Tempias.com, JAKARTA- Mendapatkan kendaraan baik motor atau mobil dengan cara kredit tentu saja menjadi hal yang lumrah. Apalagi sekarang semakin banyak perusahaan penyedia leasing atau kredit kendaraan. Namun, Anda tentu ingin proses kredit ini berjalan lancer mulai dari pengajuan hingga pelunasan. Anda tak ingin memiliki kredit bermasalah bukan?

Sayangnya, seringkali berbagai situasi membuat seseorang harus mengalami kendala selama pelunasan kredit. Bisa jadi persoalan ekonomi yang membuat Anda sulit untuk melakukan pelunasan cicilan seperti biasa. Bila situasi ini yang terjadi, tak perlu panik dan khawatir. Anda tetap bisa mengupayakan akan kredit Anda tidak bermasalah.

Salah satu yang menjadi cara agar Anda tidak terjebak kredit bermasalah adalah dengan tetap mengajukan leasing atau kredit di tempat terpercaya seperti lewat PT Federal International Finance yang berada di bawah grup Astra International. Sepanjang tahun 202, FIF mengalami kenaikan yang positif didukung oleh operasional bisnis perusahaan serta pengelolaan kontrak customer dalam proses penagihan.

Berdasarkan laporan tahunan 2021, PT FIF membukukan peningkatan laba bersih sebesar 65,8 persen, yaitu senilai Rp 2,47 triliun pada tahun 2021 dibanding periode yang sama pada tahun 2020 yang hanya mencapai Rp 1,49 triliun. Sementara itu, perbaikan kinerja ini juga tercermin dari pencapaian Non-Performing Financing (NPF) yang menjadi indikator sehatnya sebuah perusahaan pembiayaan.

 

BACA JUGA: Cara Investasi Reksadana di Bibit, Dapat Cashback Rp 25.000

 

Saat ini,  PT FIF mencatatkan NPF sebesar 0,9 persen pada tahun 2021, membaik dibandingkan tahun 2020 dengan persentase NPF sebesar 1,5 persen. NPF merupakan indikator utama kinerja sebuah perusahaan pembiayaan yang merepresentasikan jumlah kontrak dengan kredit macet atau bermasalah dibandingkan total seluruh kontrak.

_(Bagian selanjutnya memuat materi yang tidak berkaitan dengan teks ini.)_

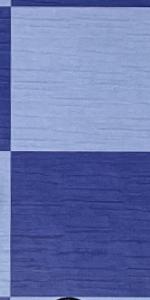
Label: Empty
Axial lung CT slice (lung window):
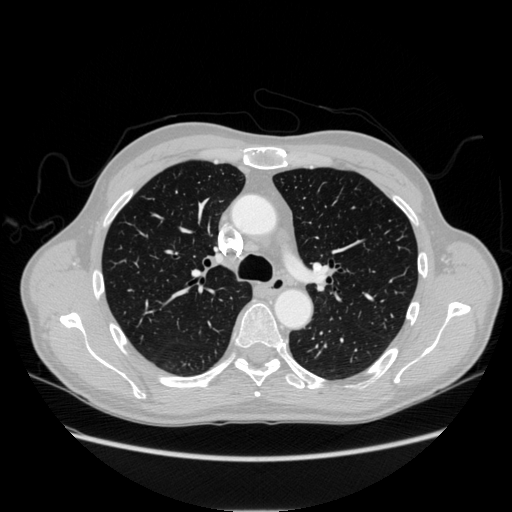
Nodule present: no
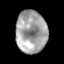
Tissue: skin
Cell type: Epithelial cells
Senescence score: 0.6803
Nuclear area (px): 1290
Mean DAPI intensity: 162.181
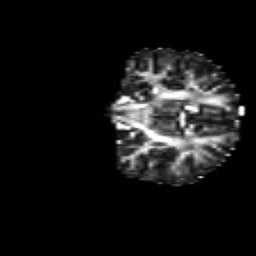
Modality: FA
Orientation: coronal
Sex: male
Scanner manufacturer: siemens
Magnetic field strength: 3 T
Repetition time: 5 s
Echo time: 0.071 s
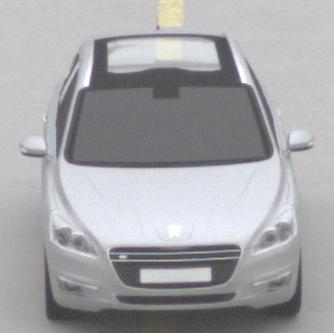
Make: Peugeot
Model: 508 SW 120 VTi
Detailed model: 508 (I) SW
Model produced from: 2011/03
Model produced until: 2014/05
Doors: 5
Color: white
Road condition: dry road
Daytime: midday
Contrast: low contrast
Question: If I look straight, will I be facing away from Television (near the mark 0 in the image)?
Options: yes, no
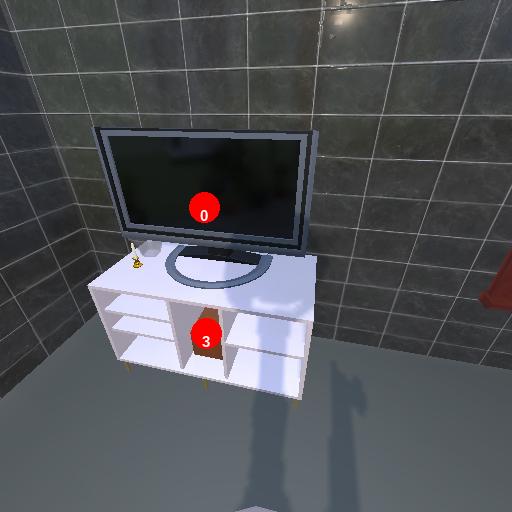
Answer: yes
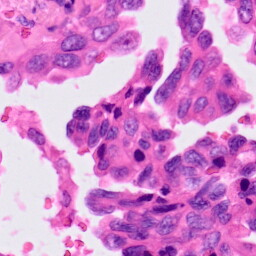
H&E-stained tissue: Lung

Collection Remedial and Recovery Management Division Head FIFGROUP, Riadi Masdaya dalam diskusi bersama forum wartawan otomotif pekan lalu mengatakan, membaiknya kinerja PT FIF salah satunya didukung oleh proses pengelolaan kontrak dan penagihan yang sesuai dengan Regulasi yang berlaku baik dari peraturan pemerintah maupun Standard Operating Procedure (SOP) yang berlaku di perusahaan.

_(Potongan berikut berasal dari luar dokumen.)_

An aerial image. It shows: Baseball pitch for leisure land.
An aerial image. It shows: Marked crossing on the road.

“Di sisi lain, PT FIF juga mengedepankan proses penyelesaian secara profesional dan juga terus melakukan perbaikan proses dengan memperkuat inovasi dan digitalisasi pada sistem yang ada,” jelas Riadi.

Di tengah jumlah customer yang terus meningkat setiap tahunnya, kata Riadi, proses dan sistem pengelolaan kontrak dan penagihan menjadi salah satu faktor kesuksesan lancarnya pelunasan kredit pada perusahaan pembiayaan. Riadi menjelaskan dalam operasionalnya, sebagai langkah mitigasi munculnya kredit macet atau bermasalah, treatment yang dilakukan oleh PT FIF terbagi menjadi 2 proses, yaitu penagihan dan remedial.

Perbedaan dari kedua proses tersebut adalah berdasarkan lamanya keterlambatan pembayaran angsuran yang dilakukan oleh customer. Lebih lanjut dia menjelaskan, untuk proses penagihan pada kontrak yang mengalami keterlambatan pada jangka waktu 30 hari paling lama, akan dilakukan proses reminder melalui telepon.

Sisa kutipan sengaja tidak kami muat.